中国の豪雨でEV車が次々水没 「修理できるか」「保険は?」注目集まる
このニュースをシェア
【9月7日 東方新報】この夏、中国各地を襲った豪雨災害で電気自動車(EV)の水没被害が注目された。中国で人気のSUVタイプの高級車に混じって最近増えてきたテスラや比亜迪(BYD)などのEVが、次々と濁流に流されていくニュース映像は衝撃だった。
中国のEV保有台数は約1260万台(6月末現在)と世界トップだ。水没リスクが強く意識されたのは今夏の豪雨災害が初めてだろう。中国メディアによると、中国汽車技術研究センターの専門家は「EVのバッテリーパックが水に浸かると、内部の部品やコネクターが腐食して、絶縁性能が低下したり、バッテリーがショートしたりして発火する恐れがある」と指摘する。
EVの生産コストでは、バッテリーやモーターとそれらを電子制御するシステムの合計コストが全体の約60パーセント以上を占めるといわれる。つまり、EVが水没した場合、ガソリン車よりも修理費は高くなり、中古車として売却した場合も安くなってしまう傾向があるわけだ。
高級EVが一夜にして水の泡となってしまったオーナーも多かったに違いない。もっとも、車両保険に加入していたとしても安心できない。中国メディアは豪雨災害直後に「水没したEVはエンジンを二度点火しないように」と注意を呼びかける記事を掲載している。
車両保険に入っていれば、水没してエンジンがかからなくなったEVの損害はカバーされることになる。しかし、二度エンジンを点火した場合、二度目の点火が引き金となって電気系統がショートした可能性を排除できないため、偶発的な事故を対象にした保険ではカバーされなくなるという。
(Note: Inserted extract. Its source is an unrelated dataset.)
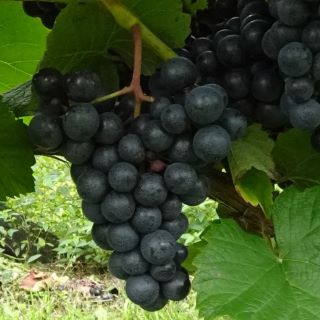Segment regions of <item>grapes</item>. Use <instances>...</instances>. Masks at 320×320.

中国の保険各社は、豪雨災害前からEV向け損害保険に力を入れていただけに、豪雨をきっかけにサービスを宣伝している。中国損保大手の平安損害保険は、7月末の北京の豪雨災害に際して、臨時にレスキュー会社6社と連携して24時間体制で顧客の水没事故に対応したと公表している。
一方で、EV向け車両保険の支払いが急増した影響で、今後、車両保険の価格が値上げされるのではないかと懸念する声も出ている。ただでさえ、EV向け損害保険はガソリン車よりも割高な価格設定になっている。中国でも、ガソリン代の高騰でEVシフトが起きているが、EV向け保険料がこれ以上値上がればその流れを逆行させかねないとの声も出ている。
もう一つ懸念されているのが、中古車市場に発火リスクの高い水没車が出回ることだ。どの国にも事故車を売りつける悪徳中古車ディーラーはいるが、中国も例外ではない。中国で今年最も流行したドラマ「長い季節(漫長的季節)」にも、走行距離も短く事故歴もないといわれて中古車を15万元(約303万円)で購入したタクシードライバーが登場する。実際には、エンジンまで水没した痕跡があったほか、この中古車が犯罪に使われていたことから事件に巻き込まれていくストーリーだ。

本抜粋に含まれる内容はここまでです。